Task prompt
Please take the records that follow and repeat exactly the lines starting with the line with "#4234=CIRCLE('',#5310,3.75);" and going on through the line with "#4394=CARTESIAN_POINT('',(15.75,10.0,15.));".
------------------------------------------------
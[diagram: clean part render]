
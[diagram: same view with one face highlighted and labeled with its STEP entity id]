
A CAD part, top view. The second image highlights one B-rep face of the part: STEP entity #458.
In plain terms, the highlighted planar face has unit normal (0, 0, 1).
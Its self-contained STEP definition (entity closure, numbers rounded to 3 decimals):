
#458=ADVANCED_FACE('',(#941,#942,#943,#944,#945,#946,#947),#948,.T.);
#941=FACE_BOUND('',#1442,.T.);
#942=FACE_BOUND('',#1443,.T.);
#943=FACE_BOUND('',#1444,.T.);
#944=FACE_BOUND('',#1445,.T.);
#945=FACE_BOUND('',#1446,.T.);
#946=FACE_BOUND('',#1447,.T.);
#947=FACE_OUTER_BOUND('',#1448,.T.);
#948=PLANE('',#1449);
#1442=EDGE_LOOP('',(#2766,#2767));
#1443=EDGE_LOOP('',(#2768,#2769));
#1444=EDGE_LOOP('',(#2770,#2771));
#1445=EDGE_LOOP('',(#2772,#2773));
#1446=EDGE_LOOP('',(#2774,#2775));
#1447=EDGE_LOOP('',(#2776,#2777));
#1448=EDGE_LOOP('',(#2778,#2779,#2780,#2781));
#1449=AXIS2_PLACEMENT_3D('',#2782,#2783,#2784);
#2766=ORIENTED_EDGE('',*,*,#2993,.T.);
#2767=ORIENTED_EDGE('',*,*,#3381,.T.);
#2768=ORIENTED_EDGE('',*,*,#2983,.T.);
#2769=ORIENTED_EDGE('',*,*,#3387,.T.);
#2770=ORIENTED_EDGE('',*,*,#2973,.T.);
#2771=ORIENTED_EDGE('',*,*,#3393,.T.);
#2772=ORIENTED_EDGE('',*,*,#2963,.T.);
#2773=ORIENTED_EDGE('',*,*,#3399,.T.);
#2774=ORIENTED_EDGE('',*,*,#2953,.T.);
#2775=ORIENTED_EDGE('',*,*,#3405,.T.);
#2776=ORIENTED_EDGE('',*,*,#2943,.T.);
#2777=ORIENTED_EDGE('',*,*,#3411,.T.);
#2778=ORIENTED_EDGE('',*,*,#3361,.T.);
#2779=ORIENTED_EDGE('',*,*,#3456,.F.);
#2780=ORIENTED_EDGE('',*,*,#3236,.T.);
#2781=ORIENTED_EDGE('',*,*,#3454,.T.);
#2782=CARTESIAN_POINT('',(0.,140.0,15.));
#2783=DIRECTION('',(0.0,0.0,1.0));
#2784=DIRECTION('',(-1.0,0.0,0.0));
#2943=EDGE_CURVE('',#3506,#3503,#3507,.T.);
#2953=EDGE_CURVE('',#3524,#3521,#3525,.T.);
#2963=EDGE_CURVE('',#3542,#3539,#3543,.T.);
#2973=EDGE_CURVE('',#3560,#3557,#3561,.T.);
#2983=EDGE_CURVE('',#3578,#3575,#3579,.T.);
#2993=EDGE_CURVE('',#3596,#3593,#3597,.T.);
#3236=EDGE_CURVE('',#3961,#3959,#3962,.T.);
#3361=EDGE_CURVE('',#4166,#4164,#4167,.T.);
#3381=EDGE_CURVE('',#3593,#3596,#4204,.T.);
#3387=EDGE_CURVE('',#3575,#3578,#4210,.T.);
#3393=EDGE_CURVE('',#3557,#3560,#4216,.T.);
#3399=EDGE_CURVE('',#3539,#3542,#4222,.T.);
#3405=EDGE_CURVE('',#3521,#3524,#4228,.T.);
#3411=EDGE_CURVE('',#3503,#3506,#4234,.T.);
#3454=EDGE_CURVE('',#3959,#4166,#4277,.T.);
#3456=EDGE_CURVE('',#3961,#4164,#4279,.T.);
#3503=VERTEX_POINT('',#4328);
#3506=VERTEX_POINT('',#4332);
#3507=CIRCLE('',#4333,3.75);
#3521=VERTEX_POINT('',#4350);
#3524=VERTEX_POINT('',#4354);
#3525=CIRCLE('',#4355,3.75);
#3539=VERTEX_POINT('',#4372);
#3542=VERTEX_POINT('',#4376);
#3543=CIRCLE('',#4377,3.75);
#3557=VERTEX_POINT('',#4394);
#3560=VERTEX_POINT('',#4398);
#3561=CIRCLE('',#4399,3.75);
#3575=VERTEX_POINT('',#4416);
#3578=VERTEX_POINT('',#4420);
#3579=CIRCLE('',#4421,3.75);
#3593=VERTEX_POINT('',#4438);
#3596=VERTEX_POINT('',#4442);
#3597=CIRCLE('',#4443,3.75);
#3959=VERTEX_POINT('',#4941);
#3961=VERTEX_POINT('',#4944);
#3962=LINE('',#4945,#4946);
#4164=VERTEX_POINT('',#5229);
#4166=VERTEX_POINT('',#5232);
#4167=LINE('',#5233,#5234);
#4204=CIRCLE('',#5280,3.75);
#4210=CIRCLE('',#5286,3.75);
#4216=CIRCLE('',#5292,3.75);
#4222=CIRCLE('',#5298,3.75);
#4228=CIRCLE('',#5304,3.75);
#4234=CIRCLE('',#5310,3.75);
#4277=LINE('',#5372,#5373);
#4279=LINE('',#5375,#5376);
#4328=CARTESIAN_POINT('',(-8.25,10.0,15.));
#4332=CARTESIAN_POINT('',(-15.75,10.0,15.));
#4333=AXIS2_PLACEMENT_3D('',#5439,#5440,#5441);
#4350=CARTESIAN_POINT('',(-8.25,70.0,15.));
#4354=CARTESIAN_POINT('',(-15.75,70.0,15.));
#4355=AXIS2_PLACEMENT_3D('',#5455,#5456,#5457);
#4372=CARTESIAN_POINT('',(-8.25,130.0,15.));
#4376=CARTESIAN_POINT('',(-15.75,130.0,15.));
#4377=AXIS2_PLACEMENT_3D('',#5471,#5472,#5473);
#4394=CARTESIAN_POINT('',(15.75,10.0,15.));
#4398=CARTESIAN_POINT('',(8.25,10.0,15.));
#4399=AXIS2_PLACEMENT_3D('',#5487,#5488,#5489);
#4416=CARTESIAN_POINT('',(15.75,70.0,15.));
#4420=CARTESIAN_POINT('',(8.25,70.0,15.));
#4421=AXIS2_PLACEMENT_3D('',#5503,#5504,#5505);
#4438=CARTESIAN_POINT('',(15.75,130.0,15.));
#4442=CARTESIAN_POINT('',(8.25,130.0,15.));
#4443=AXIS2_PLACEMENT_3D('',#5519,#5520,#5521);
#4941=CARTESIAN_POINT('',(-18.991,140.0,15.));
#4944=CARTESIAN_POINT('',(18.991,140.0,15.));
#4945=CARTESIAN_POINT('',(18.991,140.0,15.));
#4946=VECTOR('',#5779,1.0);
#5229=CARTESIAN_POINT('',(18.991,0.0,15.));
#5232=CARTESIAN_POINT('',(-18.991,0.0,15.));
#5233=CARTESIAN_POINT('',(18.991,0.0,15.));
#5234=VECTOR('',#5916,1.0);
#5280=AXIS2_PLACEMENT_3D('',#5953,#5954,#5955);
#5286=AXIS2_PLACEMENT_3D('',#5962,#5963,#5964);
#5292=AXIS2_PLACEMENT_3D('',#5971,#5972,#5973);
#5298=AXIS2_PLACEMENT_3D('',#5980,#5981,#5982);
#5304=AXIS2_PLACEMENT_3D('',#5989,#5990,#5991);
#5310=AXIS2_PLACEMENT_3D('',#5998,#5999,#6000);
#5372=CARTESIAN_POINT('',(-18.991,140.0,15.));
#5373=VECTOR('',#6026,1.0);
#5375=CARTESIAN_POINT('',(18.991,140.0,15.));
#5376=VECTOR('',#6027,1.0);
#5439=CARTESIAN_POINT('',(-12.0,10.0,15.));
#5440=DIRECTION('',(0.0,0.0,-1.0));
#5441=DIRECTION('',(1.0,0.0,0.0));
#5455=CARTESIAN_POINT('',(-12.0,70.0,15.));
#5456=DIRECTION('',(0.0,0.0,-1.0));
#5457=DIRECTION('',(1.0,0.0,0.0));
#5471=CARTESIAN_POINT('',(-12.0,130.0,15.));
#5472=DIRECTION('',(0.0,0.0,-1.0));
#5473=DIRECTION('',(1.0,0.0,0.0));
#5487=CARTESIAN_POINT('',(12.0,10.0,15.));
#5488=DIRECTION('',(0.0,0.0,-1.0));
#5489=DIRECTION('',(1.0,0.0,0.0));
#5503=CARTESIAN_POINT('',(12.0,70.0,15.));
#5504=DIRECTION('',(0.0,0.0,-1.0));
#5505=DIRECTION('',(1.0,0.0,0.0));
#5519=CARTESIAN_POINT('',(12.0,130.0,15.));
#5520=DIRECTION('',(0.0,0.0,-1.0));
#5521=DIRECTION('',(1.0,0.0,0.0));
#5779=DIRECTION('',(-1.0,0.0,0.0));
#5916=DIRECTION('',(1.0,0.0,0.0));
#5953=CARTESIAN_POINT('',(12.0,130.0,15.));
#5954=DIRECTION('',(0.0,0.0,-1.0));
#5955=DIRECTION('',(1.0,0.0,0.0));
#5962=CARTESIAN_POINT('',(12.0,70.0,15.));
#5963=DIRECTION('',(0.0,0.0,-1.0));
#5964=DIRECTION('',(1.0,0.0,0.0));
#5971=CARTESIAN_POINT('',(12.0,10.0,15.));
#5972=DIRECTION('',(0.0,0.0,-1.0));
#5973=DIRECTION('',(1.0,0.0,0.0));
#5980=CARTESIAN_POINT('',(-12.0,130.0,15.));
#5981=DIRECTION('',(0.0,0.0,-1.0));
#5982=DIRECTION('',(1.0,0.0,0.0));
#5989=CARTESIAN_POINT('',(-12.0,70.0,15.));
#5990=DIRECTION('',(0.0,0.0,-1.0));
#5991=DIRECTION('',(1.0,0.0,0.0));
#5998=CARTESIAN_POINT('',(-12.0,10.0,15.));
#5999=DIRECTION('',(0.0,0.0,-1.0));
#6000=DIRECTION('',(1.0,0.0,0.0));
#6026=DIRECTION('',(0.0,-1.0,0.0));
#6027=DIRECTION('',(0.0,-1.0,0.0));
------------------------------------------------
Your response
#4234=CIRCLE('',#5310,3.75);
#4277=LINE('',#5372,#5373);
#4279=LINE('',#5375,#5376);
#4328=CARTESIAN_POINT('',(-8.25,10.0,15.));
#4332=CARTESIAN_POINT('',(-15.75,10.0,15.));
#4333=AXIS2_PLACEMENT_3D('',#5439,#5440,#5441);
#4350=CARTESIAN_POINT('',(-8.25,70.0,15.));
#4354=CARTESIAN_POINT('',(-15.75,70.0,15.));
#4355=AXIS2_PLACEMENT_3D('',#5455,#5456,#5457);
#4372=CARTESIAN_POINT('',(-8.25,130.0,15.));
#4376=CARTESIAN_POINT('',(-15.75,130.0,15.));
#4377=AXIS2_PLACEMENT_3D('',#5471,#5472,#5473);
#4394=CARTESIAN_POINT('',(15.75,10.0,15.));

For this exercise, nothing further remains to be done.